Gao’s privacy was hotly discussed: netizens felt that though she’d posted under her real name, Gao should have been free to express her opinion without offended parties tracking down an organization with power over her offline identity. The translator and his friends had already voiced their disagreement and hurt; open discussion alone should have been sufficient, especially when no harm occurred beyond a level of emotional distress that is ostensibly par for the course for anyone who exposes their work to criticism by publishing it.
Another opinion, however, was that spreading misinformation should carry consequences because by the time the defamed party could respond, often the damage was already done. Hence, the next question was: was Gao’s post libelous? Quality may be a matter of opinion, but machine translation came down to integrity. To this end, another Douban user extracted snippets from the original novel and compared Han’s 2020 translation to a 1990 rendition by another translator, as well as to corresponding outputs from DeepL, a website providing free neural machine translation. This analysis was conducive to two main conclusions: that Han’s work was often similar in syntax and diction to the machine translation, more so than its predecessor; and that observers agreed that the machine translation was, in some cases, superior to its human competition. The former may seem incriminating, but the latter much less so: after all, if Han had seen the automated translation, wouldn’t she make it better, not worse? Perhaps similarities were caused merely by lack of training (Han was not formally educated in literary translation).

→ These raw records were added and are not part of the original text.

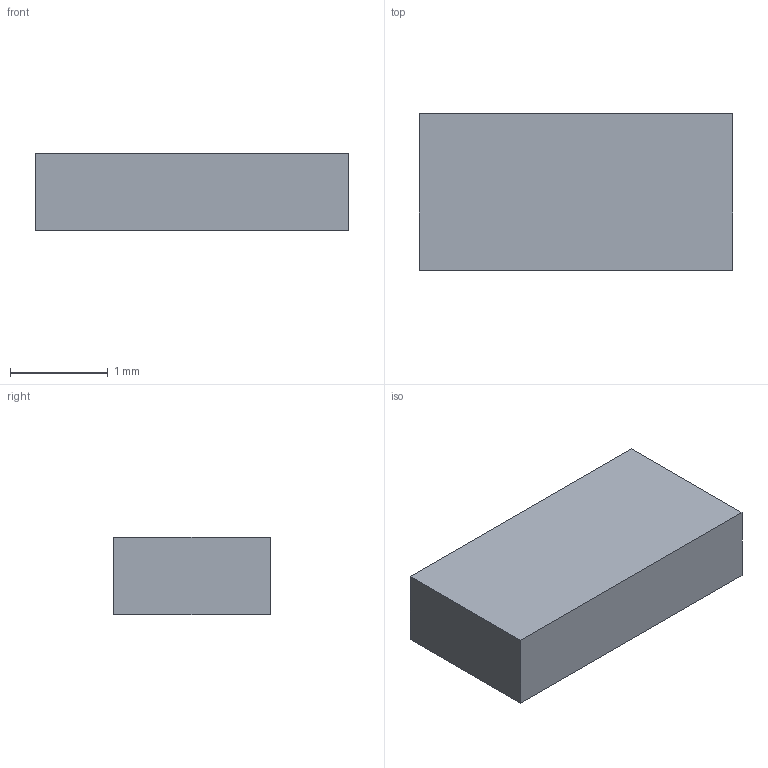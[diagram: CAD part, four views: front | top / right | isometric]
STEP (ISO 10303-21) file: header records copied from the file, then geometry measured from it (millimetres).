
FILE_DESCRIPTION (( 'STEP AP203' ), '1' );
FILE_NAME ('Extruded-1.step_Default_sldprt.STEP', '2024-05-06T01:20:13', ( '' ), ( '' ), 'SwSTEP 2.0', 'SolidWorks 2021', '' );
FILE_SCHEMA (( 'CONFIG_CONTROL_DESIGN' ));
Length unit declared in the file: millimetre
Products named in the file (1): Extruded-1.step_Default_sldprt
Bounding box: 3.2 x 1.6 x 0.79 mm (x, y, z)
Volume: 4 mm3; surface area: 17.8 mm2
Topology: 1 solids, 1 shells, 6 faces, 12 edges, 8 vertices
Faces by surface type: plane 6
Entity records: 233 total; most frequent: CARTESIAN_POINT 27, DIRECTION 26, ORIENTED_EDGE 24, EDGE_CURVE 12, VECTOR 12, LINE 12, PERSON_AND_ORGANIZATION 8, VERTEX_POINT 8

Researchers have developed methods to detect machine translations, such as assessing similarity between the text in question and its back-translation (e.g. translated from Chinese to Spanish, then back to Chinese). But is this a meaningful task for the field of literary translation? Machine learning has evolved such that models are capable of generating or translating text to be nearly indistinguishable from, or sometimes even more enjoyable than, the “real thing.” The argument that customers always “deserve” fully manual work is outdated. And relative to the detection of deep fakes, detecting machine translations is not as powerful in combating misinformation.
Yet I believe assessing similarity to machine translation remains a worthwhile pursuit. It may never be appropriate as a measure of professional integrity because the times of being able to ascertain whether the translator relied on automated methods are likely behind us. Similar to the way plagiarism detection tools are disproportionately harsh on international students, a machine detection tool for translation (currently only 75% accurate at best) may unfairly punish certain styles or decisions. Yet a low level of similarity may well be a fine indicator of quality if combined with other methods. If even professional literary translators might flock to a finite number of ever-advancing art machine translation platforms, it is the labor-intensive act of delivering something different that reveals the talent and hard work of the translator. Historically, some of the best translators worked in pairs, with one providing a more literal interpretation that the other then enriches with artistic flair; perhaps algorithms could now play the former role, but the ability to produce meaningful literature in the latter may be the mark of a translator who has earned their pay. After all, a machine can be optimized for accuracy or popularity or controversy, but only a person can rejigger its outputs to reach instead for truth and beauty – the aspects about which Gao expressed disappointment in her review.
A final note on quality: the average number of stars on Douban, like other review sites, were meant to indicate quality. Yet angry netizens have flooded the works of Han and her friends with one-star reviews, a popular tactic that all but eliminates any relationship between quality and average rating.